**About this task**. Repeat every line of the data exactly, but not the pictures.

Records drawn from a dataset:
# # # # #

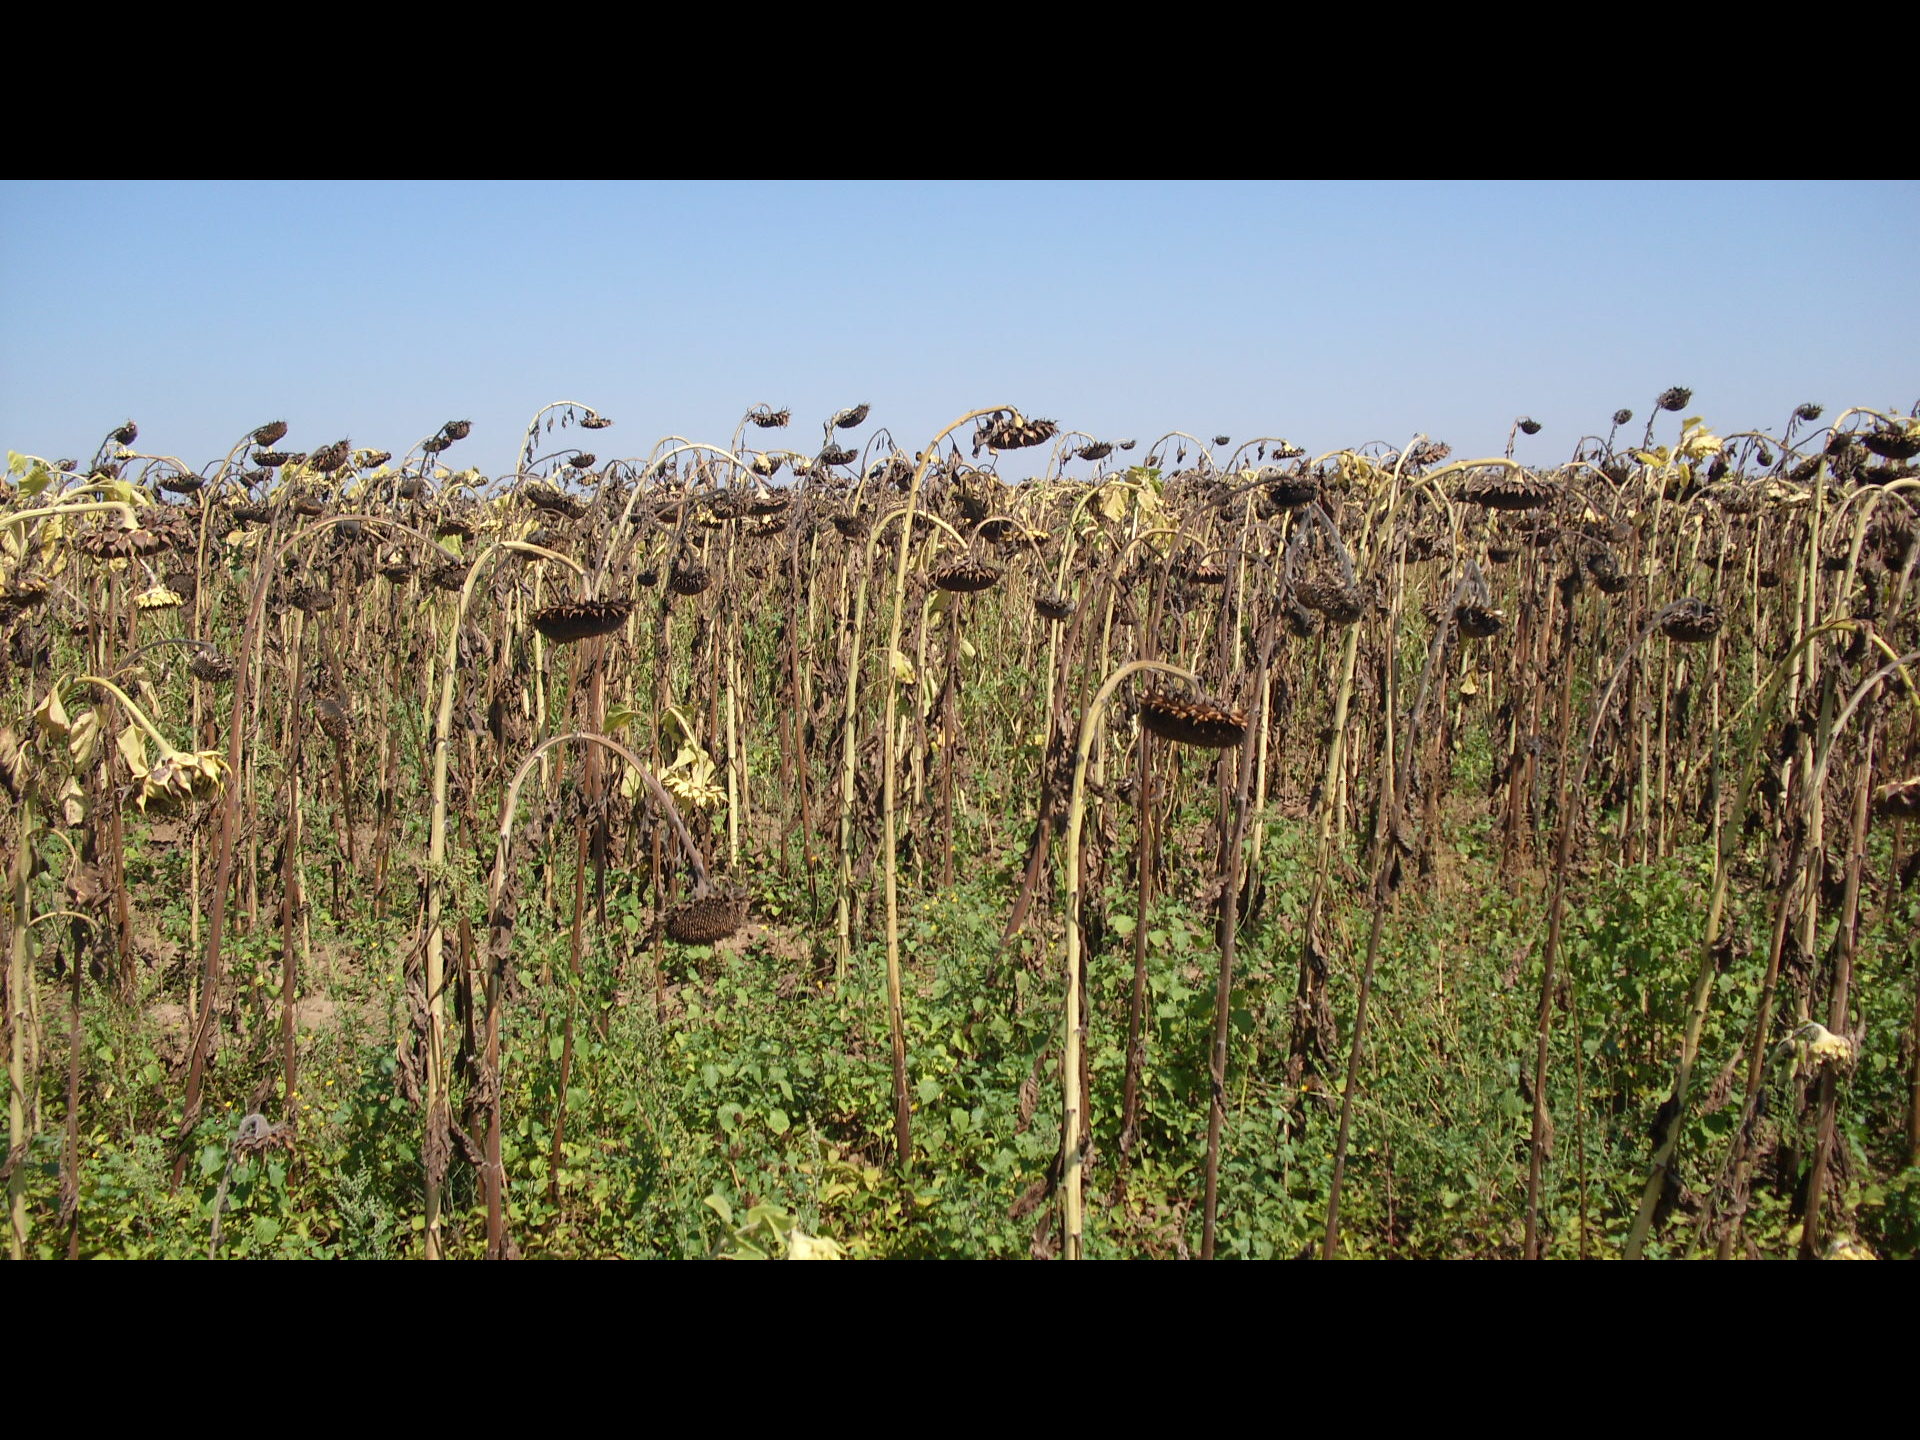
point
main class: Cropland
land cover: Sunflower
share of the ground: > 75 %
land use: Agriculture (excluding fallow land and kitchen gardens)
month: August
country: BG
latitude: 44.1855
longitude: 22.7114

# # # # #

**Exercise result**.
point
main class: Cropland
land cover: Sunflower
share of the ground: > 75 %
land use: Agriculture (excluding fallow land and kitchen gardens)
month: August
country: BG
latitude: 44.1855
longitude: 22.7114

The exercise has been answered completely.